Are you giving your Cash to the IRS again this year?

A wise friend just told me yet again “Gabby, just focus on the cash.”

Specifically she said: have the systems in place for the cash to continue to come in and it will continue to do so.

Oh, and one other big point – Go after the one that will bring in a stream of consistent cash now.

Being that I am a master of certain systems, you  the readers here in this scenario can actually gain something of value here so let’s cut to the chase:

What is a way to redeem and recoup cash right now that you can delegate to a Wealth Team advisor / member?

Let us Axe The Tax!

I heard that today is the biggest shopping day of the year.

(Well supposed to be the largest shopping day of the year.)

If the IRS isn’t one of the stops when shopping online or out at a “real” place that you’d like to be swiping your debit card, or spending your vat of cash with, than rally your ear, dear one. What does this mean? Well, we don’t have to totally bore you with detail down to the code, but you do need someone on your Wealth Team who does have that code in their humble abode, so you don’t get snowed!

There are some major potential tax savings questions we could ask over a cup of cocoa

Do you have the right record keeping systems in place?

Are they current accurate systems?

Do you know your numbers?

Do you the right tax planning / bookkeeping / CPA in place?

Do you have the right entity structures in place?

Do you have a current profit and loss statement for each business you have in place?

The answers to the above questions can make for a great new year.

When you have the right record keeping systems in place, they are current, accurate and you know your numbers, you can have your bookkeeping staff educated ** with the information on how your CPA wants information plugged in your profit and loss statement and pulled to send to them, and the documentation you are going to need to support your tax deductions for the year. Typically you get the major logistics of this set up the first year and then annually review and update.
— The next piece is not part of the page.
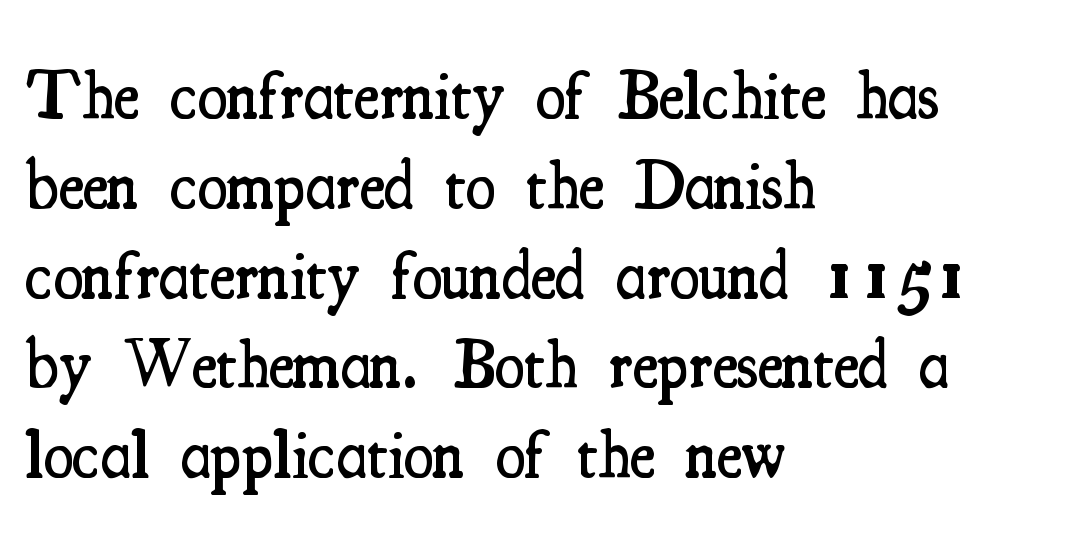
Tracking value appears to be zero — textbook default spacing. The lettering stays uniformly vertical, giving the passage a roman look. Successive baselines arrive at the customary interval. Honestly, there is no underline to notice here at all.

**Educated note above: Each time you take time to educate staff on something that is repetitive that may need to be explained to over and over again in case of turn over etc… do a procedures manual in audio and written format, it’s a pain the first time but a life saver over the long run – 208-263-7202 ask about the procedures manual Connector Call.

It meant the difference between a 28% + tax bracket and an average less than 15% for our students.

THIS CAN BE YOU

THIS SHOULD BE YOU

Give yourself a Christmas Bonus Come Early

That  lucky 13% average difference that is recouped and back in your pocket can be used for many other exciting things to be explored next time…

Remember! Let’s legally axe the tax and the Team Work Makes the Dream Work – Over and out.

Gabby Huguenin

Legacy Wealth Building, LLC

208-263-7202

High Net Worth Tax Planning for the Too Busy to do Tax Planning

Hey Doctors! Thanks for the calls this weekend on my post about tax planning high income solutions for the medical professional. Asset protection for clinics, hospitals, and doctors is a very hot topic right now. Any tax planning needs to include a strategy for protecting your assets from those pocketbook preditors!

Have a healthy and wealthy day!

Gabby Huguenin
Wealth Coach

208-263-7202

P.S. If you’re facing some tax challenges, cash flow issues, or need solid asset protection strategies give me a call! We have a number of powerful wealth building programs to help you in the process of building financial freedom.